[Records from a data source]
--- START ---

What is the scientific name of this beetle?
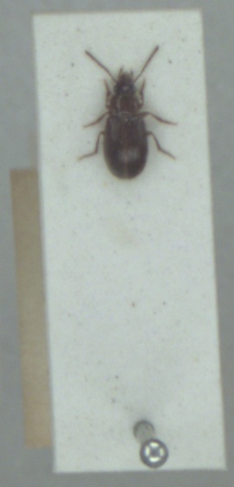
Bradycellus ruficollis
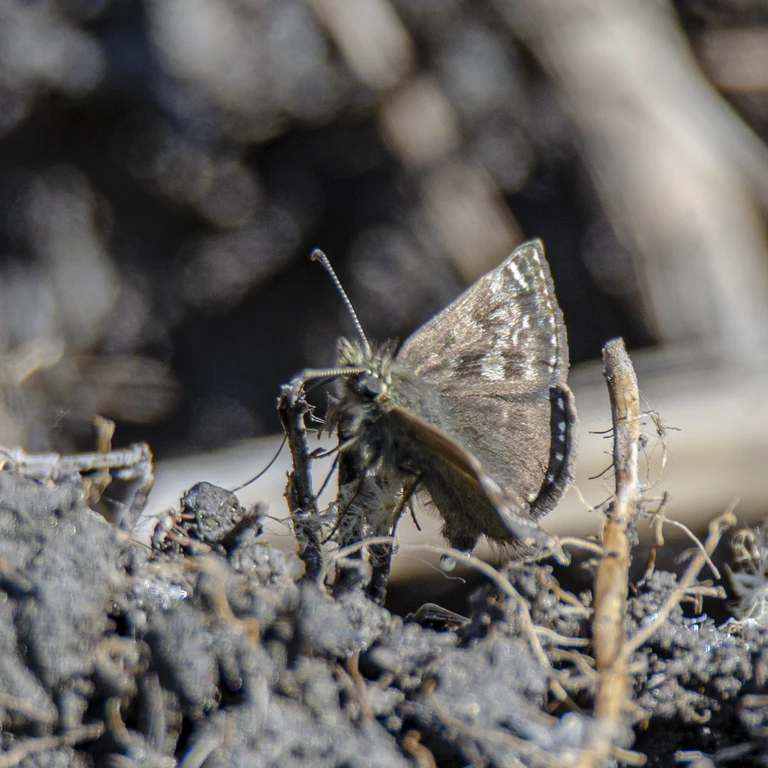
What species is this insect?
Erynnis tages
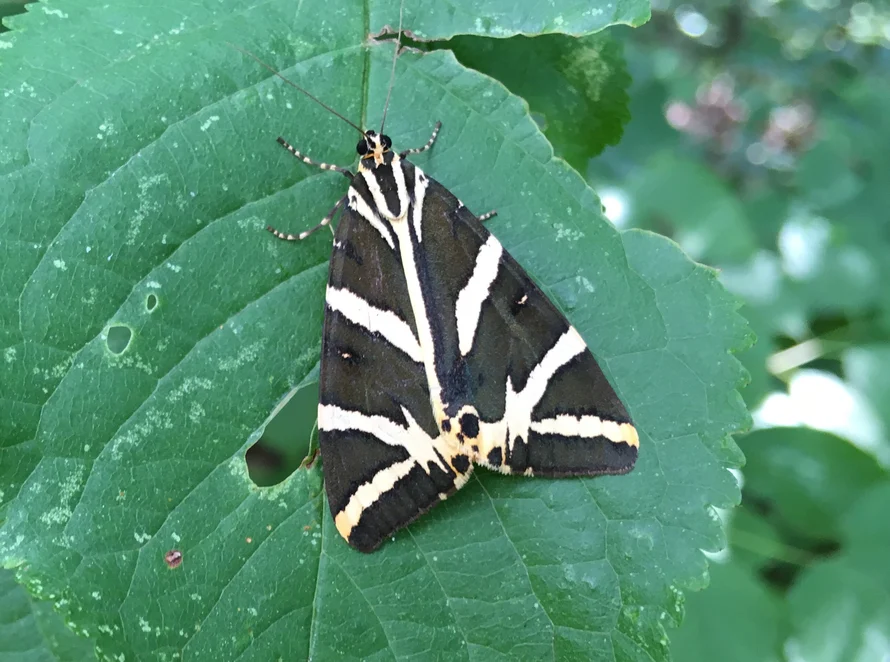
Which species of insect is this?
Euplagia quadripunctaria

--- END ---

| Required work |
Your task is an exact transcription of all the data, minus the pictures.

| Expected answer |
What is the scientific name of this beetle?
Bradycellus ruficollis
What species is this insect?
Erynnis tages
Which species of insect is this?
Euplagia quadripunctaria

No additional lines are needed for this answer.